» RECORDS PROVIDED
____
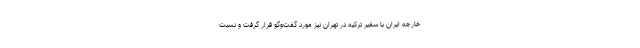
خارجه ايران با سفير تركيه در تهران نيز مورد گفت‌وگو قرار گرفت و نسبت
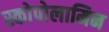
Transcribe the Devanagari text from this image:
स्कोपोलामिन
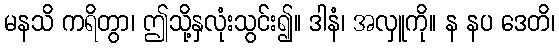
မနသိ ကရိတွာ၊ ဤသို့နှလုံးသွင်း၍။ ဒါနံ၊ အလှူကို။ န နပ ဒေတိ၊
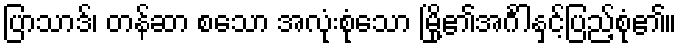
ပြာသာဒ်၊ တန်ဆာ စသော အလုံးစုံသော မြို့၏အင်္ဂါနှင့်ပြည့်စုံ၏။
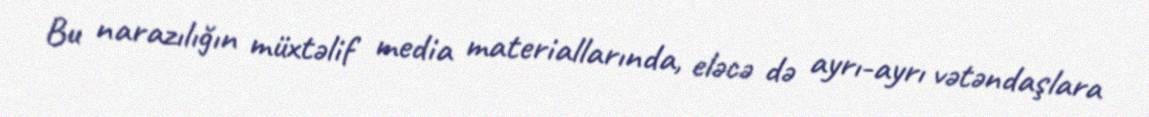
Bu narazılığın müxtəlif media materiallarında, eləcə də ayrı-ayrı vətəndaşlara
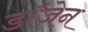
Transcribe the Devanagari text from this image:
डॉजेन
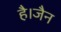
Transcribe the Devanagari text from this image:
है।जैन
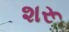
શરૂ
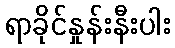
ရာခိုင်နှုန်းနီးပါး
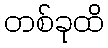
တစ်ခုထိ
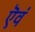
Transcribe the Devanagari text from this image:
ऎवं
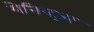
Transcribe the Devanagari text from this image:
येनिपज़र
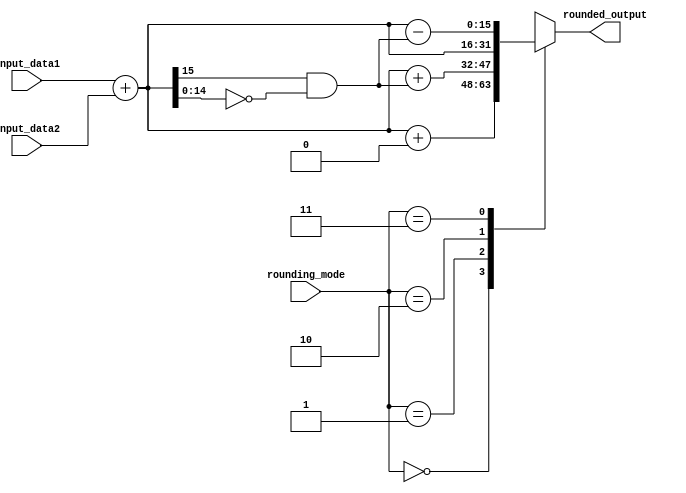
module fixed_point_rounding_unit (
    input signed [15:0] input_data1,
    input signed [15:0] input_data2,
    input [1:0] rounding_mode,
    output reg signed [15:0] rounded_output
);

wire signed [31:0] result;

always @(*) begin
    result = input_data1 + input_data2;

    case(rounding_mode)
        2'b00: rounded_output = $signed(result) + 1'b0;
        2'b01: rounded_output = $signed(result) + (result[15] & ~result[14:0]);
        2'b10: rounded_output = $signed(result);
        2'b11: rounded_output = $signed(result) - (result[15] & ~result[14:0]);
    endcase
end

endmodule
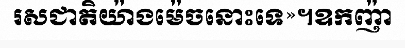
រសជាតិយ៉ាងម៉េចនោះទេ»។ឧកញ៉ា
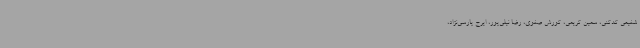
شفیعی کدکنی، سمین کریمی، کورش صفوی، رضا نیلی‌پور، ایرج پارسی‌نژاد،
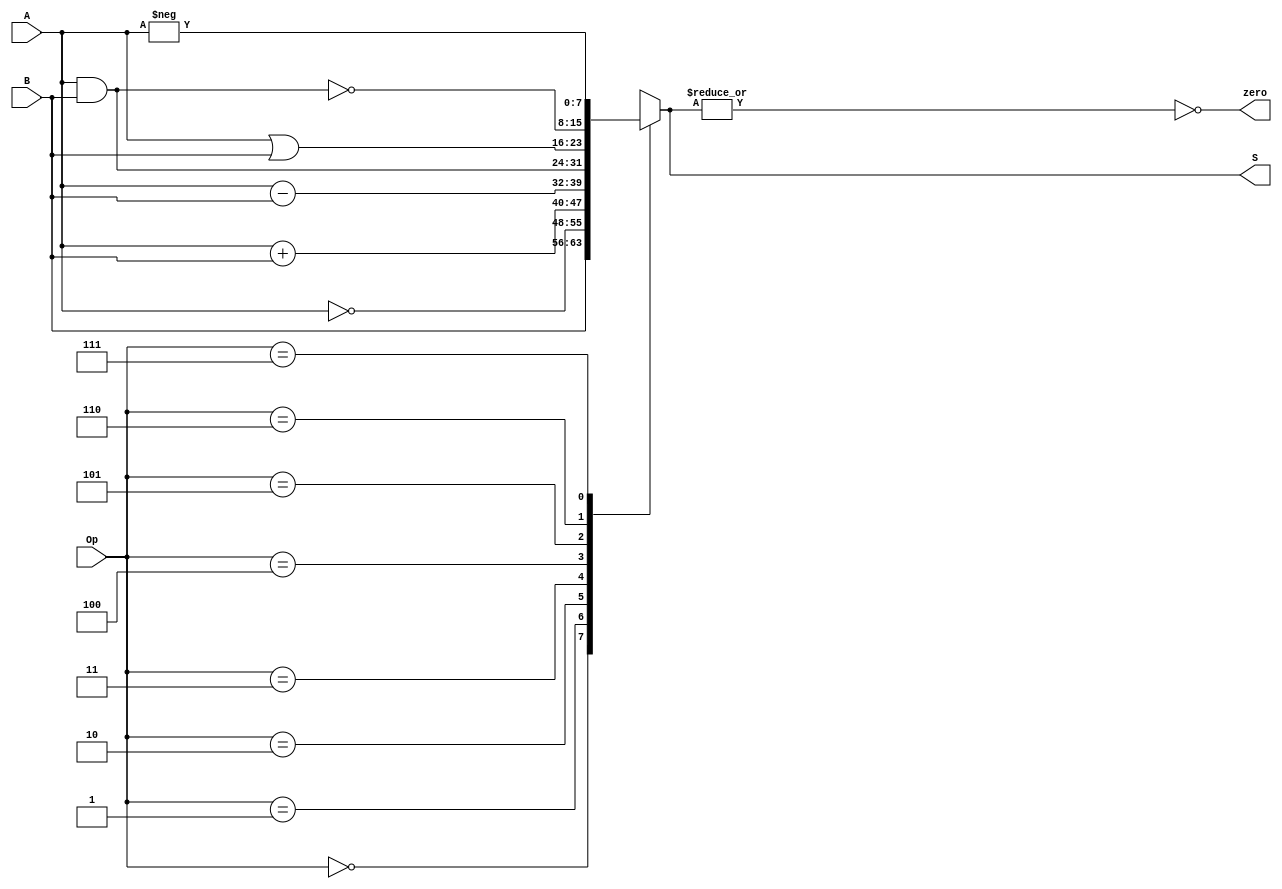
module alu(output reg [7:0] S,    // Salida de la ALU
           output reg zero,       // Flag de cero
           input wire [7:0] A, B, // Operandos
           input wire [2:0] Op    // Eleccin de operacin a realizar
           );
// Una ALU simple que puede realizar 8 operaciones diferentes, y que devuelve el resultado, adems de flags de cero y acarreo
	   
always @(A, B, Op)
begin
  case (Op)              
    3'b000: S = B; 
    3'b001: S = ~A;
    3'b010: S = A + B;
    3'b011: S = A - B;
    3'b100: S = A & B;
    3'b101: S = A | B;
    3'b110: S = ~(A & B); //NAND para operaciones con dato inmediato
    3'b111: S = -A;
	default: S = 'bx; //desconocido en cualquier otro caso (x | z), por si se modifica el cdigo
  endcase
  //Calculo del flag de cero
  zero = ~(|S);   //operador de reduccin |y hace la or de los bits del vector 'y' y devuelve 1 bit resultado
end
	   
endmodule
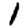
Digit: 1
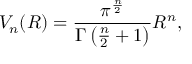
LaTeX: V _ { n } ( R ) = { \frac { \pi ^ { \frac { n } { 2 } } } { \Gamma \left( { \frac { n } { 2 } } + 1 \right) } } R ^ { n } ,
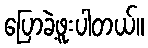
ပြောခဲ့ဖူးပါတယ်။
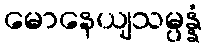
မောနေယျသမ္ပန္နံ
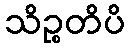
သိဉ္စတိပိ
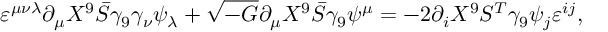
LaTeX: \varepsilon ^ { \mu \nu \lambda } \partial _ { \mu } X ^ { 9 } \bar { S } \gamma _ { 9 } \gamma _ { \nu } \psi _ { \lambda } + \sqrt { - G } \partial _ { \mu } X ^ { 9 } \bar { S } \gamma _ { 9 } \psi ^ { \mu } = - 2 \partial _ { i } X ^ { 9 } S ^ { T } \gamma _ { 9 } \psi _ { j } \varepsilon ^ { i j } ,
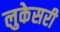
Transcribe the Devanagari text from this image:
लुकेसरी
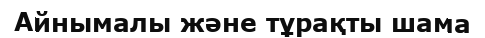
Айнымалы және тұрақты шама
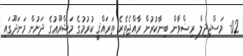
02- މަސްޖިދިލް ރިޟްވާން ބިނާކުރުން ރާއްޖެތެރެ ތަރައްޤީ ކުރުމުގެ މަޝްރޫޢުގެ ދަށުން މަނަދޫގައި
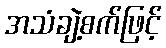
အသံချဲ့စက်ဖြင့်
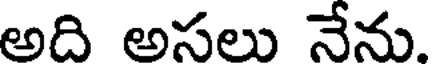
అది అసలు నేను.
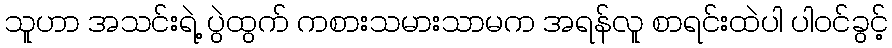
သူဟာ အသင်းရဲ့ ပွဲထွက် ကစားသမားသာမက အရန်လူ စာရင်းထဲပါ ပါဝင်ခွင့်
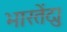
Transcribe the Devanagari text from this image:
भारतेंदु।
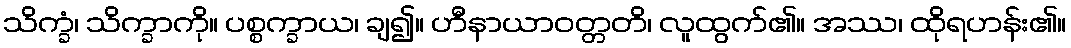
သိက္ခံ၊ သိက္ခာကို။ ပစ္စက္ခာယ၊ ချ၍။ ဟီနာယာဝတ္တတိ၊ လူထွက်၏။ အဿ၊ ထိုရဟန်း၏။
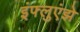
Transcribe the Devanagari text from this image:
इंफ्लुएंझे
____
» WORK REQUIRED
With the pictures removed, print only the lines starting at the line that has "2'b11: rounded_output = $signed(result)" and ending at the line that has "Айнымалы және тұрақты шама", both ends included, exactly as they stand above.

» YOUR RESPONSE
        2'b11: rounded_output = $signed(result) - (result[15] & ~result[14:0]);
    endcase
end

endmodule
រសជាតិយ៉ាងម៉េចនោះទេ»។ឧកញ៉ា
شفیعی کدکنی، سمین کریمی، کورش صفوی، رضا نیلی‌پور، ایرج پارسی‌نژاد،
module alu(output reg [7:0] S,    // Salida de la ALU
           output reg zero,       // Flag de cero
           input wire [7:0] A, B, // Operandos
           input wire [2:0] Op    // Eleccin de operacin a realizar
           );
// Una ALU simple que puede realizar 8 operaciones diferentes, y que devuelve el resultado, adems de flags de cero y acarreo
	   
always @(A, B, Op)
begin
  case (Op)              
    3'b000: S = B; 
    3'b001: S = ~A;
    3'b010: S = A + B;
    3'b011: S = A - B;
    3'b100: S = A & B;
    3'b101: S = A | B;
    3'b110: S = ~(A & B); //NAND para operaciones con dato inmediato
    3'b111: S = -A;
	default: S = 'bx; //desconocido en cualquier otro caso (x | z), por si se modifica el cdigo
  endcase
  //Calculo del flag de cero
  zero = ~(|S);   //operador de reduccin |y hace la or de los bits del vector 'y' y devuelve 1 bit resultado
end
	   
endmodule
Digit: 1
LaTeX: V _ { n } ( R ) = { \frac { \pi ^ { \frac { n } { 2 } } } { \Gamma \left( { \frac { n } { 2 } } + 1 \right) } } R ^ { n } ,
ပြောခဲ့ဖူးပါတယ်။
မောနေယျသမ္ပန္နံ
သိဉ္စတိပိ
LaTeX: \varepsilon ^ { \mu \nu \lambda } \partial _ { \mu } X ^ { 9 } \bar { S } \gamma _ { 9 } \gamma _ { \nu } \psi _ { \lambda } + \sqrt { - G } \partial _ { \mu } X ^ { 9 } \bar { S } \gamma _ { 9 } \psi ^ { \mu } = - 2 \partial _ { i } X ^ { 9 } S ^ { T } \gamma _ { 9 } \psi _ { j } \varepsilon ^ { i j } ,
Transcribe the Devanagari text from this image:
लुकेसरी
Айнымалы және тұрақты шама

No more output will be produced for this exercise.